There were an estimated 19.3 million new cancer cases in 2020 and almost 10 million cancer deaths worldwide [1]. Lung cancer is the leading cause of cancer death, with colorectal cancer being the second. Further, gastric cancer is the fourth most common cause of cancer death globally [2]. The World Health Organization estimates that there will be 28.4 million cancer cases worldwide by 2040 [1].

Metastasis refers to secondary tumors which develop in a different part of the body compared to the original cancer. Epithelial-to-mesenchymal transition (EMT) is one of the reasons for metastasis. The invasiveness and metastatic potential of solid tumors increase with EMT. The EMT transcription factors, Snail, Slug, and Twist, are promoted by EMT processes [3]. The Wnt/β-catenin pathway, which promotes the stemness, deterioration, and metastasis of cancer cells, could be another contributing factor to cancer. β-catenin promotes the transcription of a wide range of oncogenes, including c-Myc and CyclinD-1 in the nucleus [4]. Several human malignancies exhibit an increased ability to invade and metastasize when KAI1 (a metastatic suppressor gene) expression is suppressed and KITENIN is promoted.
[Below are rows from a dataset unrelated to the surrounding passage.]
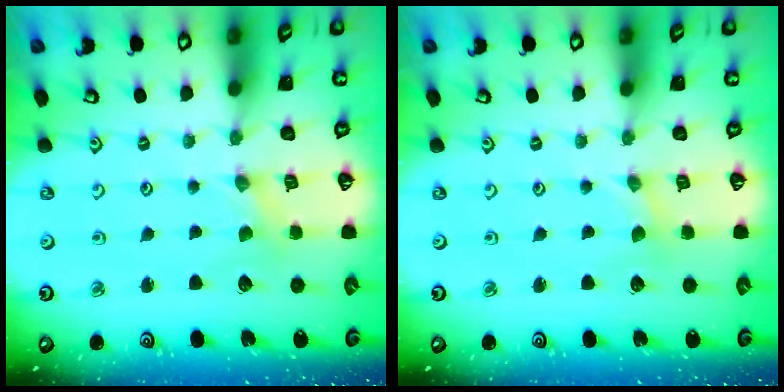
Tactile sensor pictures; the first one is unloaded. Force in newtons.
{"total": 0.0}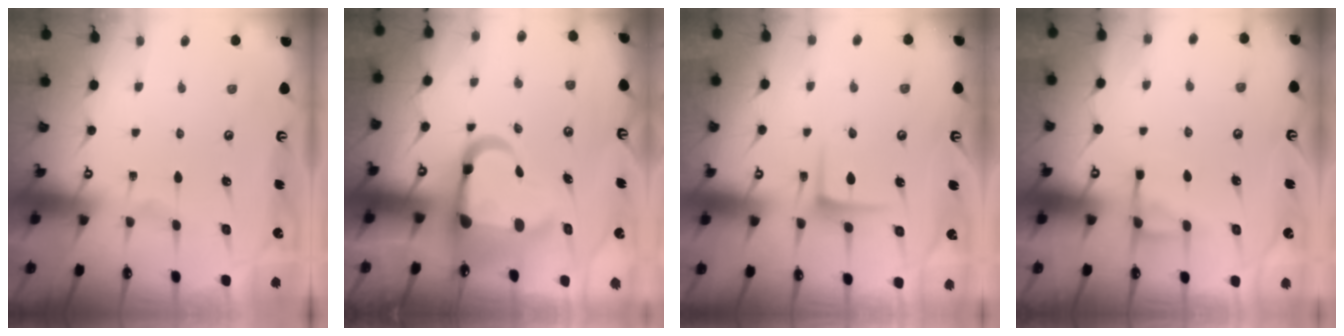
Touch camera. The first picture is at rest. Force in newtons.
{"total": 11.9, "press": 11.8, "slide": 1.7}
{"total": 6.6, "press": 6.6, "slide": 0.6}
{"total": 6.4, "press": 6.4, "slide": 0.6}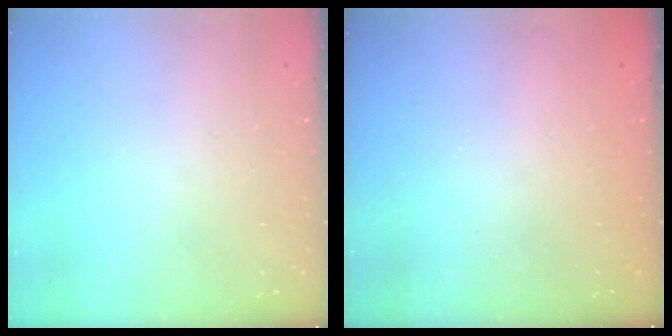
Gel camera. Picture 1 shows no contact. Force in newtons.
{"total": 2.3, "press": 2.1, "slide": 1.0}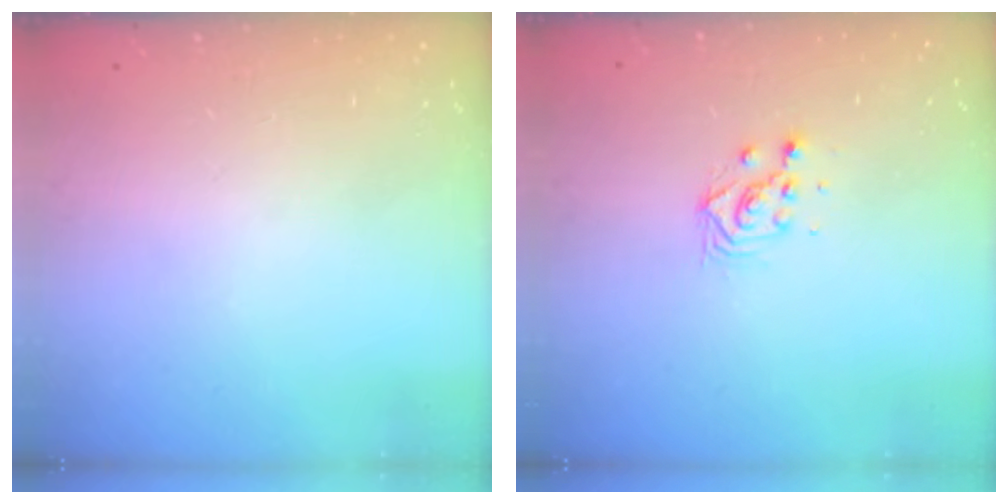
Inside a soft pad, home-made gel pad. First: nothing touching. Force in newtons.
{"total": 3.7, "press": 3.7, "slide": 0.2}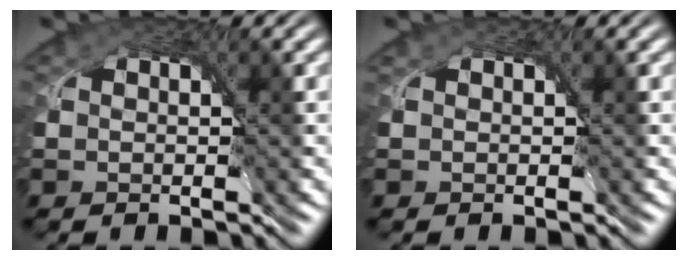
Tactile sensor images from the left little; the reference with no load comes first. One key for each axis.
{"total": 0.0}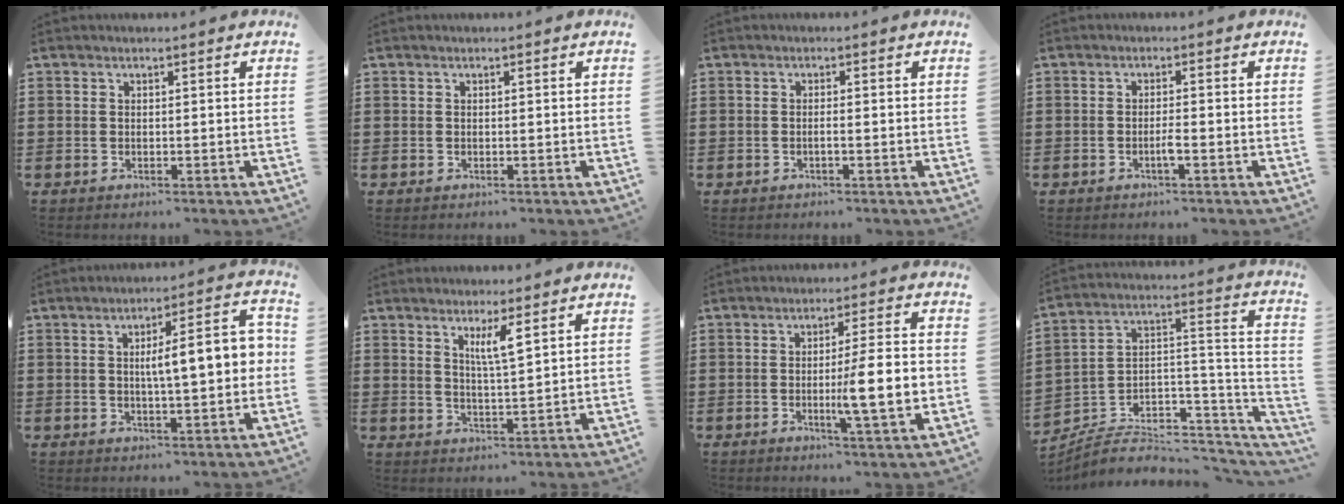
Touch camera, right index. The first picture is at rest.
{"total": 0.0}
{"total": 0.9, "force": [-0.4, -0.1, 0.8], "torque": [-0.015, -0.003, -0.008]}
{"total": 1.8, "force": [-0.9, 0.0, 1.6], "torque": [-0.031, 0.000, -0.016]}
{"total": 8.7, "force": [0.7, 2.0, 8.5], "torque": [-0.132, -0.003, 0.002]}
{"total": 3.8, "force": [2.1, 0.5, 3.2], "torque": [-0.068, 0.001, 0.034]}
{"total": 9.4, "force": [-1.5, 0.9, 9.2], "torque": [-0.136, -0.010, -0.029]}
{"total": 4.3, "force": [-2.7, 2.5, 2.1], "torque": [-0.047, -0.010, -0.055]}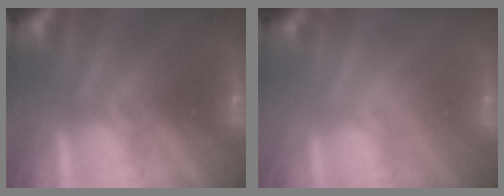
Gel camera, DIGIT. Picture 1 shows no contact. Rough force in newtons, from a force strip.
{"total": 2.9}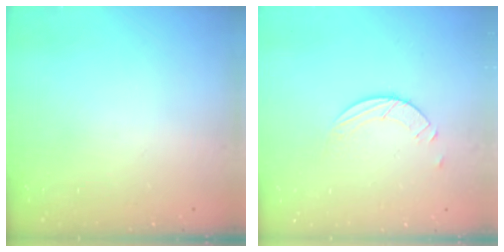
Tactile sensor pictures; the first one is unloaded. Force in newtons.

Cancer invasion and metastasis are also mediated through the KITENIN/AP-1 axis, another signal transduction component [5]. The Notch signaling pathway is found in a wide range of solid tumors and can be responsible for both cell proliferation and metastasis, including EMT. The Notch ligand is a single transmembrane protein, and activation of Notch occurs when it binds to the Notch ligand of neighboring cells. The transcriptional targets of HES genes can be also regulated by Notch [6]. Therefore, suppressing EMT, the Wnt/β-catenin pathway, KITENIN/AP-1 axis, and the Notch signal pathway has become an important goal for developing anticancer therapeutics.

The biological and geochemical roles of marine fungi have attracted the attention of researchers in many scientific communities [7,8]. Marine fungi and marine-derived fungi are regarded as prolific sources of natural products with unique chemical structures and diverse biological activities [9,10,11]. Therefore, many research groups have focused their attention on culturing marine fungi to discover novel natural products [12,13,14]. In particular, the marine-derived genus Acremonium has been studied intensively as a proficient producer of natural products with a wide range of bioactivities [15,16]. Previously, a cyclic pentadepsipeptide, acremonamide, with wound-healing properties has been isolated from the Acremonium strain CNQ-049 [17].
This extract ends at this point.